■ **Recorded data**:
::::
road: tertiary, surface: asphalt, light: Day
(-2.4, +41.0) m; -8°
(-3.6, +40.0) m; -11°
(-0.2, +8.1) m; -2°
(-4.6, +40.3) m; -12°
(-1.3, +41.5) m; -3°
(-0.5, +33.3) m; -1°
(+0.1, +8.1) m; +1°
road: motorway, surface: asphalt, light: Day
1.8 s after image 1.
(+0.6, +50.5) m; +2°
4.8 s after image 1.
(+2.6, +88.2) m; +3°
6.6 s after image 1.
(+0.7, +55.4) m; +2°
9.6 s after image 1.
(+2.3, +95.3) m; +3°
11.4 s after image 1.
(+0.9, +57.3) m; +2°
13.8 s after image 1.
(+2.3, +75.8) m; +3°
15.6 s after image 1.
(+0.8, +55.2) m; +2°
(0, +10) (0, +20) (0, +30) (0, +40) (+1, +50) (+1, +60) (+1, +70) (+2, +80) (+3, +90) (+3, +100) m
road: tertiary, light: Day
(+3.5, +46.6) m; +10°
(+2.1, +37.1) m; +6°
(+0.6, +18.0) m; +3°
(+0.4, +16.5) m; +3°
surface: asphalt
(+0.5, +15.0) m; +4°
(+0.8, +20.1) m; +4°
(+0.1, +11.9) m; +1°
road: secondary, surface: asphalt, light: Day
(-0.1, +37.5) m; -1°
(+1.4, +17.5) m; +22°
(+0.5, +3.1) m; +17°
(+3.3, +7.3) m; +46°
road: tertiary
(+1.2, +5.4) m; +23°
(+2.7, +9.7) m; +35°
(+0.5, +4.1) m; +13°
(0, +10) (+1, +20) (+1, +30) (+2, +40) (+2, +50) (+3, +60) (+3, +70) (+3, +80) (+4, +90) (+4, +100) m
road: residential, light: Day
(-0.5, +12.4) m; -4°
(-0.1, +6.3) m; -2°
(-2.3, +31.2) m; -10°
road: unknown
::::
■ **About this task**: Give the records above again, word for word.

■ **Response to this task**:
road: tertiary, surface: asphalt, light: Day
(-2.4, +41.0) m; -8°
(-3.6, +40.0) m; -11°
(-0.2, +8.1) m; -2°
(-4.6, +40.3) m; -12°
(-1.3, +41.5) m; -3°
(-0.5, +33.3) m; -1°
(+0.1, +8.1) m; +1°
road: motorway, surface: asphalt, light: Day
1.8 s after image 1.
(+0.6, +50.5) m; +2°
4.8 s after image 1.
(+2.6, +88.2) m; +3°
6.6 s after image 1.
(+0.7, +55.4) m; +2°
9.6 s after image 1.
(+2.3, +95.3) m; +3°
11.4 s after image 1.
(+0.9, +57.3) m; +2°
13.8 s after image 1.
(+2.3, +75.8) m; +3°
15.6 s after image 1.
(+0.8, +55.2) m; +2°
(0, +10) (0, +20) (0, +30) (0, +40) (+1, +50) (+1, +60) (+1, +70) (+2, +80) (+3, +90) (+3, +100) m
road: tertiary, light: Day
(+3.5, +46.6) m; +10°
(+2.1, +37.1) m; +6°
(+0.6, +18.0) m; +3°
(+0.4, +16.5) m; +3°
surface: asphalt
(+0.5, +15.0) m; +4°
(+0.8, +20.1) m; +4°
(+0.1, +11.9) m; +1°
road: secondary, surface: asphalt, light: Day
(-0.1, +37.5) m; -1°
(+1.4, +17.5) m; +22°
(+0.5, +3.1) m; +17°
(+3.3, +7.3) m; +46°
road: tertiary
(+1.2, +5.4) m; +23°
(+2.7, +9.7) m; +35°
(+0.5, +4.1) m; +13°
(0, +10) (+1, +20) (+1, +30) (+2, +40) (+2, +50) (+3, +60) (+3, +70) (+3, +80) (+4, +90) (+4, +100) m
road: residential, light: Day
(-0.5, +12.4) m; -4°
(-0.1, +6.3) m; -2°
(-2.3, +31.2) m; -10°
road: unknown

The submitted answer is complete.